Tuesday, May 30, 2006

Moving!

Whee, moving week is upon us! The computer is being disconnected this afternoon, so don't expect to hear from me until at least thursday (Sorry Nitty!). My yarn and fiber stash is now lovingly encased in three very large boxes, and three giant trashbags when we ran out of boxes. The roomie called Utilities and told them to shut off the power, just a day earlier than Sweetie and I had expected, so for us, we have to be done with all cleaning and vacuuming and taking of showers tomorrow evening at the latest - fun!

Of course I'm really excited, though. I get a whole new place to cover with my stuff, and fewer people's stuff to compete with :) Bookshelves in the living room! Spinning wheel next to the couch! Litter box not in my closet! It's going to be a good week.
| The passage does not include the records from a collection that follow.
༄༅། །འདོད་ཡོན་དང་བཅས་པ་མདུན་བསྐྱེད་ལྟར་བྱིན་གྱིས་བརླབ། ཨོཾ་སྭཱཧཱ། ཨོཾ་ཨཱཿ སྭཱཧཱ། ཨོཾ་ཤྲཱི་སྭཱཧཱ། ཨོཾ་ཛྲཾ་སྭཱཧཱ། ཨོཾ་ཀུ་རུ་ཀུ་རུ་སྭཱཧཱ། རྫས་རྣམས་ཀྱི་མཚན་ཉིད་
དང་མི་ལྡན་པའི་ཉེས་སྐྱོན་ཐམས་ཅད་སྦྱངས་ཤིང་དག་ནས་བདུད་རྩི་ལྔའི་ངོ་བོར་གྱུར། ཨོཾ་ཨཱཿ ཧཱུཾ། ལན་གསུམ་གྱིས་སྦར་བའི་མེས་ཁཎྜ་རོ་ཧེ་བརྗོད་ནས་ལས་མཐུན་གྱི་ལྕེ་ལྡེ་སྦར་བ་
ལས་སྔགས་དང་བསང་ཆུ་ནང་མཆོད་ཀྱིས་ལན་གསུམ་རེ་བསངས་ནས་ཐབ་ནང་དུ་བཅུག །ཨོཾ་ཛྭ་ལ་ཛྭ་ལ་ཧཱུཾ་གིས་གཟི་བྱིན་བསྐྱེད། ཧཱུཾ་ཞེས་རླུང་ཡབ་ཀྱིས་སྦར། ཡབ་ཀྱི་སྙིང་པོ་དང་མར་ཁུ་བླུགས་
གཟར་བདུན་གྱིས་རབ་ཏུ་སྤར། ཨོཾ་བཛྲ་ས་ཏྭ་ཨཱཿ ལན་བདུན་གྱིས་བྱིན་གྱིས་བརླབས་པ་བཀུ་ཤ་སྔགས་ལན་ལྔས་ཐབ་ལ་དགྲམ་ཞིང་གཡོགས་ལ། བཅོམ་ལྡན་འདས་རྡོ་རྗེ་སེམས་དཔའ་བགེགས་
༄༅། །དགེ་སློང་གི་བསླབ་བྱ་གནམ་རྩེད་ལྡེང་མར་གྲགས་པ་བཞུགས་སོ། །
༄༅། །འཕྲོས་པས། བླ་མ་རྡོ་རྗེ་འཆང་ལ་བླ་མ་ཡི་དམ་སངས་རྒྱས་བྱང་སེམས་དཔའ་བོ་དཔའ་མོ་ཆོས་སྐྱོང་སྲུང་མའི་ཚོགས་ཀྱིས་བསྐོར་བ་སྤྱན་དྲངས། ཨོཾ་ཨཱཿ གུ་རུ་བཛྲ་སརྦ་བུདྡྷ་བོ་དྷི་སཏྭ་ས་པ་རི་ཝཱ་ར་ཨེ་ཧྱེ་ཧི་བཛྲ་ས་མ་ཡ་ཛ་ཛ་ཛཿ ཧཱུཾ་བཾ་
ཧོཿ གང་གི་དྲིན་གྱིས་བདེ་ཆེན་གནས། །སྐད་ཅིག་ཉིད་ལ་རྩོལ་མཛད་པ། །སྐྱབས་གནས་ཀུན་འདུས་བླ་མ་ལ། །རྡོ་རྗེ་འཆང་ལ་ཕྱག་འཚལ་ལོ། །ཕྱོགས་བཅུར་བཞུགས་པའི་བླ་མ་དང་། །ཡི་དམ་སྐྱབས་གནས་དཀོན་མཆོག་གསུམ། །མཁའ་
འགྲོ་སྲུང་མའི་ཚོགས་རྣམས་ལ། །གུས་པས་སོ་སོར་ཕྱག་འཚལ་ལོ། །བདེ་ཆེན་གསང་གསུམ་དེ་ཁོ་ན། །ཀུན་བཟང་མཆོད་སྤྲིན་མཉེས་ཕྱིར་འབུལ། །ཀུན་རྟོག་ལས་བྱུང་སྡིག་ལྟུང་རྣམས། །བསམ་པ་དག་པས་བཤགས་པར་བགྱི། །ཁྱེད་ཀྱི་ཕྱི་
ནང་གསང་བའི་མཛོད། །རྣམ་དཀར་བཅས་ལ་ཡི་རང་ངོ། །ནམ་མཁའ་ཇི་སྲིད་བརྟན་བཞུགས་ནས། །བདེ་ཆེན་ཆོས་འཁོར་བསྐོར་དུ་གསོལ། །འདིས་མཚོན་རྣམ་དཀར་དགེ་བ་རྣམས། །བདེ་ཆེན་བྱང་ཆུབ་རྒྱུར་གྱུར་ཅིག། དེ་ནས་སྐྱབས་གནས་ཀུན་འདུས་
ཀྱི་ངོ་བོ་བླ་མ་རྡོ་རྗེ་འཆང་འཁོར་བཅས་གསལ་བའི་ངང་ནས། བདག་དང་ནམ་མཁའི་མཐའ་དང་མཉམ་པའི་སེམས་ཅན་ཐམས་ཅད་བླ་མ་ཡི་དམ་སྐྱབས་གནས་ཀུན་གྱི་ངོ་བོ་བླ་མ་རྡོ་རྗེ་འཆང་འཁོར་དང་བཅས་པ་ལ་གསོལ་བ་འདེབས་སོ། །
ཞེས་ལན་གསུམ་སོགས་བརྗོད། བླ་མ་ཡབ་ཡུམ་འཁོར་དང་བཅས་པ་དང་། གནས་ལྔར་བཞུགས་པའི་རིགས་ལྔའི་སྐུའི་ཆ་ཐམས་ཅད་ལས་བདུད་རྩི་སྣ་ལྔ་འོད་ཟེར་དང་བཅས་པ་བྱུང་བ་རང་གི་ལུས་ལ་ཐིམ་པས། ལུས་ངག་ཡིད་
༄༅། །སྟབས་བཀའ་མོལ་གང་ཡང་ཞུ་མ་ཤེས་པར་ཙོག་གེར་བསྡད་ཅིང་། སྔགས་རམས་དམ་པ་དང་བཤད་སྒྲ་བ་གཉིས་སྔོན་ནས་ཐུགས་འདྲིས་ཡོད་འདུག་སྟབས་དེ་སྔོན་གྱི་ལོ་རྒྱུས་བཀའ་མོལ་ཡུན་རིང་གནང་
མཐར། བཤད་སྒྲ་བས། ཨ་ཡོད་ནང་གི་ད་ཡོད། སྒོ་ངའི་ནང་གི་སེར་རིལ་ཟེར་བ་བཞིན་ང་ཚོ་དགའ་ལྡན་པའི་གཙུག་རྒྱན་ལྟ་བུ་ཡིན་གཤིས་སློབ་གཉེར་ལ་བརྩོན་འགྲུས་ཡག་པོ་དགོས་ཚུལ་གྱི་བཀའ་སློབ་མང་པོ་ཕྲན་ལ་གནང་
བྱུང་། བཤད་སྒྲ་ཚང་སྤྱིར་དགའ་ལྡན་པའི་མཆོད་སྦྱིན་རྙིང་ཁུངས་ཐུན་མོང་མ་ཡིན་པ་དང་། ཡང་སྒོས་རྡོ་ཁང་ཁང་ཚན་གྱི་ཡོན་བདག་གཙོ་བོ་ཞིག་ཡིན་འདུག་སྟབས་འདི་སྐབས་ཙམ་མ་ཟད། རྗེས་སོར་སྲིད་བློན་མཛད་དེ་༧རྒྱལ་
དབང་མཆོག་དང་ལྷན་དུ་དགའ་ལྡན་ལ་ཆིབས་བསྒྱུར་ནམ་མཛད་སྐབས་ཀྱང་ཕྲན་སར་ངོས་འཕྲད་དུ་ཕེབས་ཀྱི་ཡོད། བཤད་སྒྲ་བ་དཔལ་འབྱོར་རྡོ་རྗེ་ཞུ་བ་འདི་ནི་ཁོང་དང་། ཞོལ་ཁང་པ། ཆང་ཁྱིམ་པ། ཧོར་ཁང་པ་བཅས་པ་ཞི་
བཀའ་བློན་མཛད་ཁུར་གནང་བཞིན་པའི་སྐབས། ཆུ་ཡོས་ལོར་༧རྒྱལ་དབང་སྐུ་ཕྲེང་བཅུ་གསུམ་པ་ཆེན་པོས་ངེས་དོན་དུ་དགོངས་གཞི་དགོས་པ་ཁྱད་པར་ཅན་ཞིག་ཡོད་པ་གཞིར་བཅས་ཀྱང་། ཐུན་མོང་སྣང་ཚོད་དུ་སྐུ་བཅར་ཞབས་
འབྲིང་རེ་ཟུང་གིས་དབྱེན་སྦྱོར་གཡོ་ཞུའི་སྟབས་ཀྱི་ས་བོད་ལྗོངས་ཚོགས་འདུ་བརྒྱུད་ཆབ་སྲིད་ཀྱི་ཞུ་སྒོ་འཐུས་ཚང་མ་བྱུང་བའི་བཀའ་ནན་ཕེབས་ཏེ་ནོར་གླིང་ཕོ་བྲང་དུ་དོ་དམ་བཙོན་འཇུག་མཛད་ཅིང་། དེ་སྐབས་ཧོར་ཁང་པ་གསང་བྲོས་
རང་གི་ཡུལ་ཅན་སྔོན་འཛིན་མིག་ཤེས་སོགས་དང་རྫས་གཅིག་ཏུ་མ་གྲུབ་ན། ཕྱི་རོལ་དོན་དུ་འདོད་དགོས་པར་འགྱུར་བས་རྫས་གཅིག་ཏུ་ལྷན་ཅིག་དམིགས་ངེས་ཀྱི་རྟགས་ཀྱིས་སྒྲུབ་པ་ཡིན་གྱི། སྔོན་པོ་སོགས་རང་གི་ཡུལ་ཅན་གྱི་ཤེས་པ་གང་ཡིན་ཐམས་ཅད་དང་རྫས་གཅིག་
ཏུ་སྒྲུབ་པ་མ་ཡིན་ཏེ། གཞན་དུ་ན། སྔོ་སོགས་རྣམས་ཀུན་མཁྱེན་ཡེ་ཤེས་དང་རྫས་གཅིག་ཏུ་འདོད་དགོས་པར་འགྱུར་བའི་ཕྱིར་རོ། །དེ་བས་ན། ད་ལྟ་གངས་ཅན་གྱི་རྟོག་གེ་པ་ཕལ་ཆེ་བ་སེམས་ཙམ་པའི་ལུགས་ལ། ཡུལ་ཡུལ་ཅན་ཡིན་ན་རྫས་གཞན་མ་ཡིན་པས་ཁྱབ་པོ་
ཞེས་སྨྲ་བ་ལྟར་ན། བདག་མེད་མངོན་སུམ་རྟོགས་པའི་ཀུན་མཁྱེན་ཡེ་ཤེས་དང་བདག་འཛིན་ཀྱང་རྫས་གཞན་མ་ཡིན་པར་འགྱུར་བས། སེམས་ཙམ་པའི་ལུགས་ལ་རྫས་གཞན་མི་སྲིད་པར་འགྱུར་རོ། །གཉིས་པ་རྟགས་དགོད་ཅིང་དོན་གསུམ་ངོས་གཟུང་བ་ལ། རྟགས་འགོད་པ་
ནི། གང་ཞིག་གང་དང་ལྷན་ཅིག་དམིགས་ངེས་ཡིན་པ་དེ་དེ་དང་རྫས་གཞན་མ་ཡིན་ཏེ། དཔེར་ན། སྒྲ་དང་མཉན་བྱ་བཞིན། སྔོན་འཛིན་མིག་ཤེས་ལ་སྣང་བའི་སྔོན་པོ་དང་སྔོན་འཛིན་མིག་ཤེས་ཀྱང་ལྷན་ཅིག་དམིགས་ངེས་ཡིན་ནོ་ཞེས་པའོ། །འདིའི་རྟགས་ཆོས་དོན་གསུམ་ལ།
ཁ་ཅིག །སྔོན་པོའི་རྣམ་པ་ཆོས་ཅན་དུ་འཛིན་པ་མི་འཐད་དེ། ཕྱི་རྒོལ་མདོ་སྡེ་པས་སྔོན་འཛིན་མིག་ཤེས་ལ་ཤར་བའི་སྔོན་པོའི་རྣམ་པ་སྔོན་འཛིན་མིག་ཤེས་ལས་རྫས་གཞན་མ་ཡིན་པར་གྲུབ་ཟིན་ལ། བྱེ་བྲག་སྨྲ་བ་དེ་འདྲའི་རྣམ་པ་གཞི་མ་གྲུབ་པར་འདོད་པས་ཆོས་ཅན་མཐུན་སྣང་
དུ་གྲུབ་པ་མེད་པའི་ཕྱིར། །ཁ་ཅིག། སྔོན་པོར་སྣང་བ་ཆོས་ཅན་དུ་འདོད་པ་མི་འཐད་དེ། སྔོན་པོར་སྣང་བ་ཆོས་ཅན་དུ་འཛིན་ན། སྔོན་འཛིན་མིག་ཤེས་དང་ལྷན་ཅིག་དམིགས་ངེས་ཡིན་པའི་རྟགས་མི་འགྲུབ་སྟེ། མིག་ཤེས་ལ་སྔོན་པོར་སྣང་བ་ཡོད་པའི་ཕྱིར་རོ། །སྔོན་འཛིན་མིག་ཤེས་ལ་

In pre-wedding news, I finally have a dress, and shoes to be borrowed from my sister to go with it. Still need to run it by the bride, but the only dress that fit and wasn't $300 was both black AND white, so I've got to see if that's going to be okay. Sadly, it won't go with Frost Flowers at all, so I've got 10 days after the move to get Claptois knitted up out of some Fiber Artist kid mohair in Midnight that I picked up at Yarntopia (which IS as good as it sounds!)

Wednesday, May 24, 2006

Holy Crap!

Got off work, went to World Market, sat and knit while Sweetie and roomie talked pretentiously about wine (pretentious on purpose). Join of the weed wacker cord to the knitting needle broke, lost maybe three inches of stitches for a row or two. Was able to stop further unraveling, thank god I have a lifeline in. Fixable, as soon as I get my new cord in!

Monday, May 22, 2006

Now I See Why Sleep Is Important

I got up today at 6 in the morning, for perhaps the first time in two years. I've had the luxury of a well-paying 9 to 5 job all that time, and I sure as hell wasn't going to schedule classes any earlier (I think I've had one 8 a.m. class in my college history, and it didn't go well). Since the busses are running hourly if at all inbetween the fall and first summer session, Sweetie and I and one of our good friends are all walking up to work together. It's a good hour's amble, plus home again, so I'm hoping to walk off a little of my excess tummy, and in the process get all that good anti-depression excersize mojo. I just have to learn once and for all that if I'm going to be getting up before the sun (literally!), I need to go to sleep at ten, instead of my usual 1 a.m. Luckily I've got the Fellowship of the Ring audiobook to fall asleep to - it's like having Ian McKellen reading you a bedtime story!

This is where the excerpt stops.